Mi pluma reporta aquí Kurushetra, pero no la llanura que cantara Krishna Dwaisampayana, el ascético hijo de Satyavati, sino el campo de batalla en el que nos liberamos de las guerras del pasado, y empezamos desde Cero. Hablo de la lucha de átomos fisionados torpemente en reactores nucleares contra almas rotas por la radiación, de fuerzas religiosamente armadas contra desnudos corazones, de desidias científico-tecnológicas y religiones medievales contra intestinos vacíos en plena descomposición. Miro a través de Cero como por un ojo de buey, buscando la apertura hacia otra cosa. Más allá no veo nada que no tenga que ser deliberadamente creado, y con grandes esfuerzos.

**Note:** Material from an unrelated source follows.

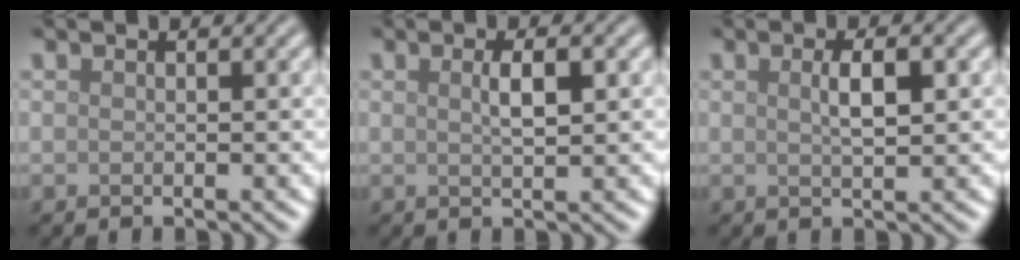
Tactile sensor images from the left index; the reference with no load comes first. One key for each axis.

Cruzando el río de las mayas e ilusiones que nos inyectamos para sobrevivir al mediodía de nuestra plena humanidad, hoy que los dioses descansan en el fondo de las aguas, ahogados por sus propios torbellinos de ideas estrechas, por sus emociones distorsionadas y egoístas, hoy, tras una infancia demasiado larga, se abre un camino sin nombre ni forma en el que siento latir una vieja intuición con pulso nuevo. Quedan atrás todos los yoguis, los maestros y profetas. El namasté del leproso que junta sus muñones para arrancarme unas monedas ha hecho saltar por los aires todos los trances vegetales, las medias verdades, medias tintas, medio tontos, llenos de miedo, despertando en medio de una batalla que de todas formas nos mata. Miro a través de Cero como por una lupa que magnifica la dimensión de este instante, y enfoca sin distorsiones la representación de la miseria, el hambre y el desconsuelo. Sólo así podría soportarme a mí mismo. Todo sentido que cree para mi vida hoy tendrá que partir de Cero.